Conversation
GarethCabournDavies
left a comment
There was a problem hiding this comment.
I think that this looks good, and as you say if defaults are used, it reverts to earlier behaviour, that is good as well
There are a few places where there are minor code-styling changes / questions.
I also don't understand why a couple of line have changes from a variable (len(...)) to a constant (2)
| #keep[args.max_connections//2: -args.max_connections//2] = False | ||
| keep[args.max_connections:] = False | ||
|
|
||
| hp.matches = msorted[keep].copy() |
There was a problem hiding this comment.
Does this array copy not now increase the memory footprint, particularly in the max_connections infinite / default case?
There was a problem hiding this comment.
Actually it's the opposite, otherwise loose reference could keep something in memory when we don't really need it anymore.
There was a problem hiding this comment.
A further clarification may help here. If you just return a view, even if that's all you have, the full array is always kept. I explicitly want the reduced form to be what is stored and not the full array, hence explicitly asking for a new array that contains a copy of what the view pointed to. This means that the original values can be cleaned up by python's garbage collector.
| # Defensive initialization if matches/indices are missing | ||
| if not hasattr(hc, 'matches'): | ||
| hc.matches = numpy.empty(len(self)) | ||
| hc.matches = numpy.empty(2) |
There was a problem hiding this comment.
Im not sure I understand this change
There was a problem hiding this comment.
In truth, I'd like to remove these lines. I can't really figure out why they are needed. The only guess I have is that perhaps there is some boundary issue that this is masking. However, to the point, there is no reason to add these with the full size of the existing bank. Since the information added is meaningless, it ends up being a waste of memory. Putting it at 2 was simply a lazy way to force the correct dimensions.

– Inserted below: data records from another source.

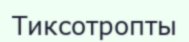
Тиксотропты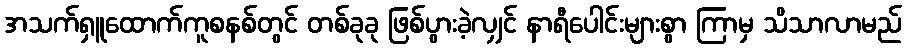
အသက်ရှူထောက်ကူစနစ်တွင် တစ်ခုခု ဖြစ်ပွားခဲ့လျှင် နာရီပေါင်းများစွာ ကြာမှ သိသာလာမည်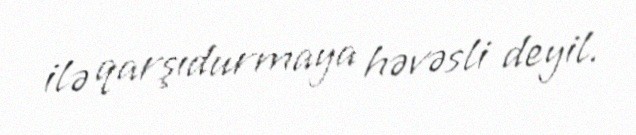
ilə qarşıdurmaya həvəsli deyil.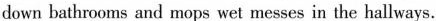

| parser.add_argument('--tau0-cutoff-frequency', type=float, default=15.0) | ||
| parser.add_argument('--nprocesses', type=int, default=1, | ||
| help='Number of processes to use for waveform generation parallelization. If not given then only a single core will be used.') | ||
| parser.add_argument('--parallel-check', action='store_true', help="Do bank checking parallel, note that this means that proposals WILL NOT be checked against each other.") |
There was a problem hiding this comment.
Could this line be wrapped to match maximum line length requirements?
| if hp.checked or force_add: | ||
| num_added += 1 | ||
| self.insert(hp) | ||
| self.insert(hp) |
| logging.info("Waveform generation failed!") | ||
| continue | ||
|
|
||
|
@GarethCabournDavies I'll address the style issues before merging. |
Standard information about the request
This is a feature update for pycbc brute bank.
This affects bank generation, so could affect use in all searches, though only indirectly.
Motivation
The main motivation is to improve the computational (both wall clock time and memory use) of pycbc_brute_bank.
Contents
There are three features changes.
The options to do match calculations / proposal point checking in parallel. This does affect the behavior and is not an entirely drop-in option. It enables parallelization by assuming that proposals do not need to be checked against each other. That means if two proposals were identical points, they would both end up getting added to the bank, since no check between them is done. However, I believe that in most cases, this not really a problem. Without this option, requesting multiple cores will only parallelize bank generation as is currently the case. It think that is the safest default for the general case.
Option to limit the amount of store information on the inter-bank matches. (through option --max-connections XX). By default this is set to infinite which matches the old behavior. If set to some number, only the most important matches are actually stored for each template (in the way we do things these are actually the 'low' matches). This means that if you get a particularly large bank, you can avoid being dominated in memory usage by the connections themselves instead of the cached waveforms. There are cases, where this can result in 5-10x memory reduction (again only for a large bank region) without noticeable change to result bank size. It could potentially increase the number of matches required though if set too small.
The option to save the bank even with an early termination. If you send a sigterm or ctrl-c (interrupt) signal to the job, it will now try to intercept this and do an emergency save of the bank.
Links to any issues or associated PRs
This should be merged first #5227
Testing performed
I've verified that by default banks are not modified. The defaults resort to the old behavior.